I think they intended to change the very nature of the NHS -from a robust service, serving every person in our country with the healthcare they need, into a just-enough backstop, a last resort which most people will not want to rely upon. Instead, they will take out healthcare insurance, they’ll go private, they’ll pay for healthcare because they’ll have to.
We needed new hospitals and they haven’t provided them, so some NHS hospitals are propped up with supports.
We needed new doctors, and they’ve inserted new staff in their place, who are cheaper to train and cheaper to employ.
Ten years ago we had the best healthcare system in the world. If we want that again, and I believe we do and we can, we need to fight for it. If we don’t, we’re going to lose it.

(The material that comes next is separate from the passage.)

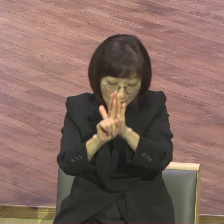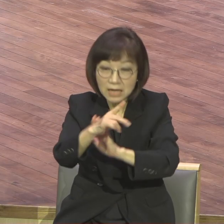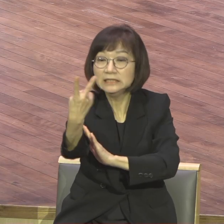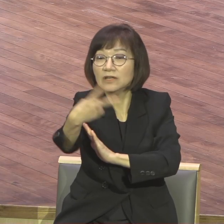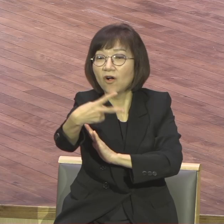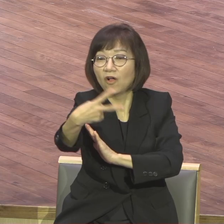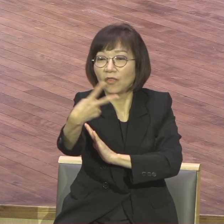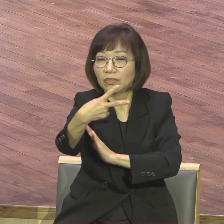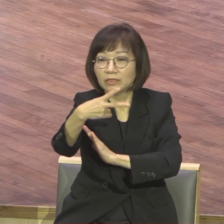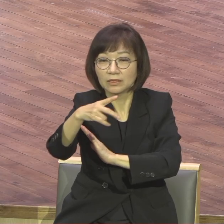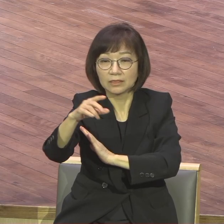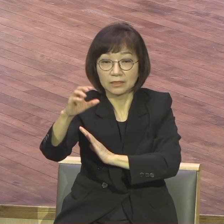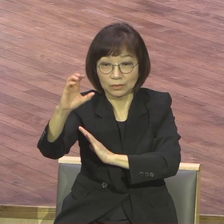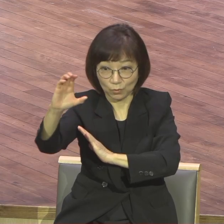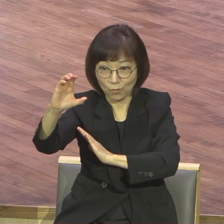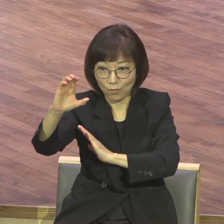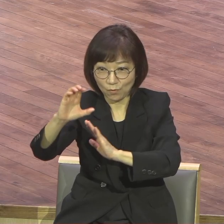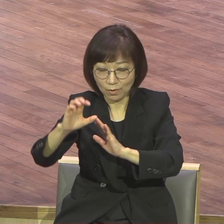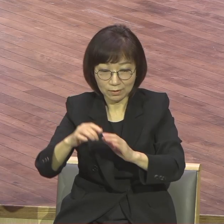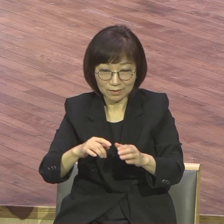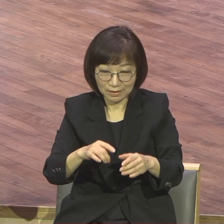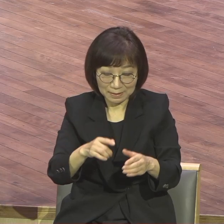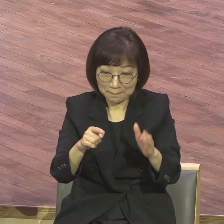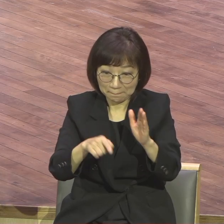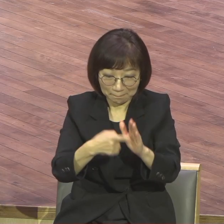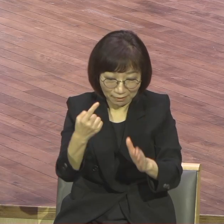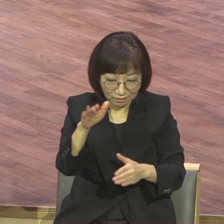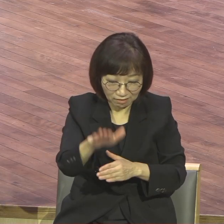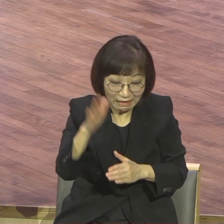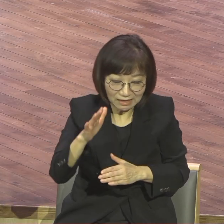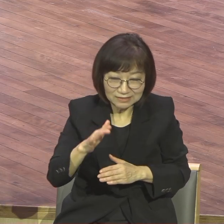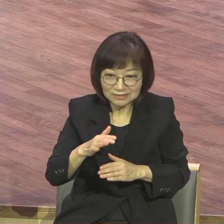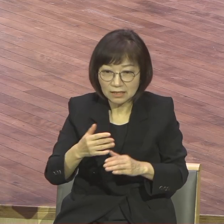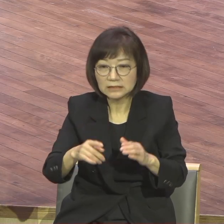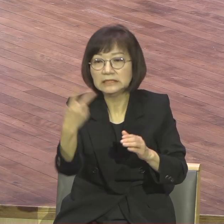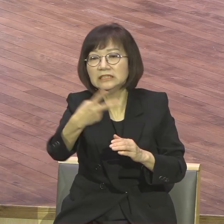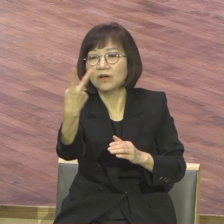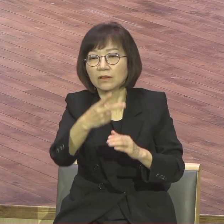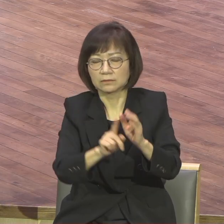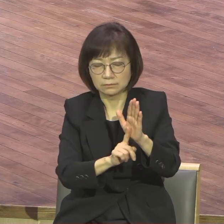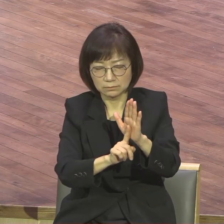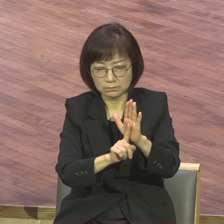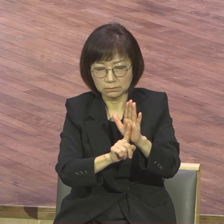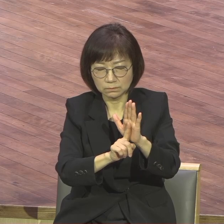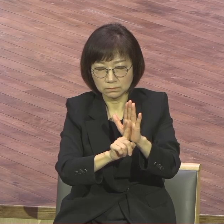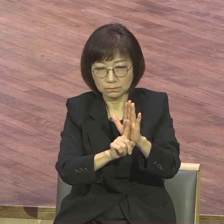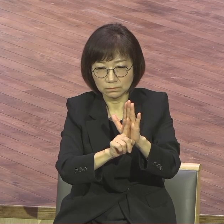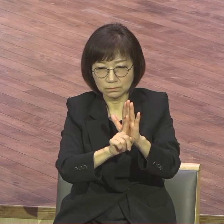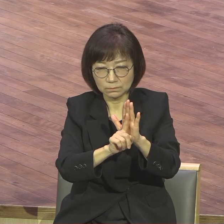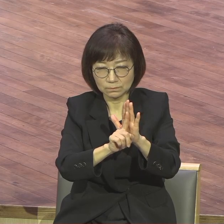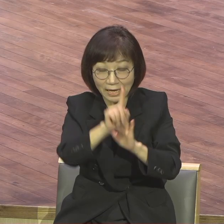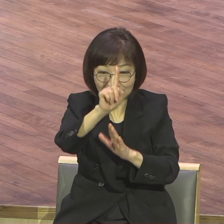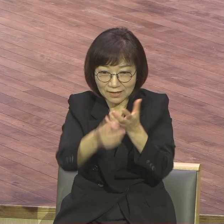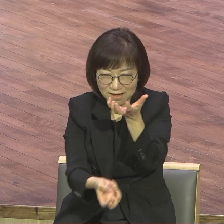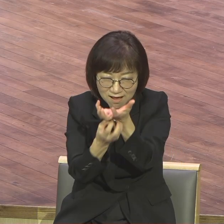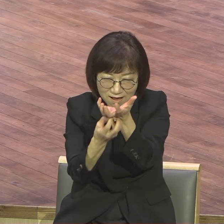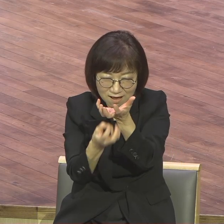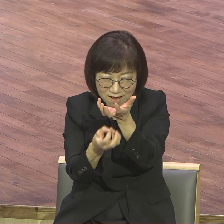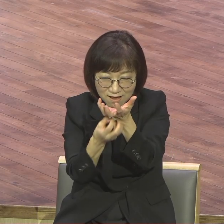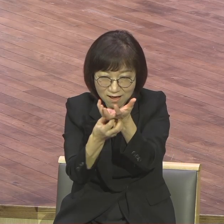2000도 벽도면 손등 없잖아요. 2000도 그래서 그런 거예요. 깍 끓이면요. 이 금 속에

A few years ago HEE produced a forward look to 2027. Lots of assumptions you could disagree with but I thought it was quite good and could be updated as assumptions changed. Essentially it disappeared without trace and an almost mythical workforce plan was mooted before I retired. I've only seen the headline numbers and frankly, the idea of 60,000 extra doctors alone, is laughable. We are never going to fill these from our schools, so a huge proportion would have to come from overseas and we know how the Tories have weaponised immigration.
Moreover, if you are young and bright do you want the years and costs of training when you can earn ridiculous amounts in finance and tech? And not even touched on affordability. As for 170k more nurses - maybe with forced labour....
I think when PAs came in there was talk of them developing into a quasi-apprentice route to doctor level. Good idea perhaps? Not everyone goes to elite schools or universities. However, in Sunak's hands it does feel more like a Poundland approach to medicine.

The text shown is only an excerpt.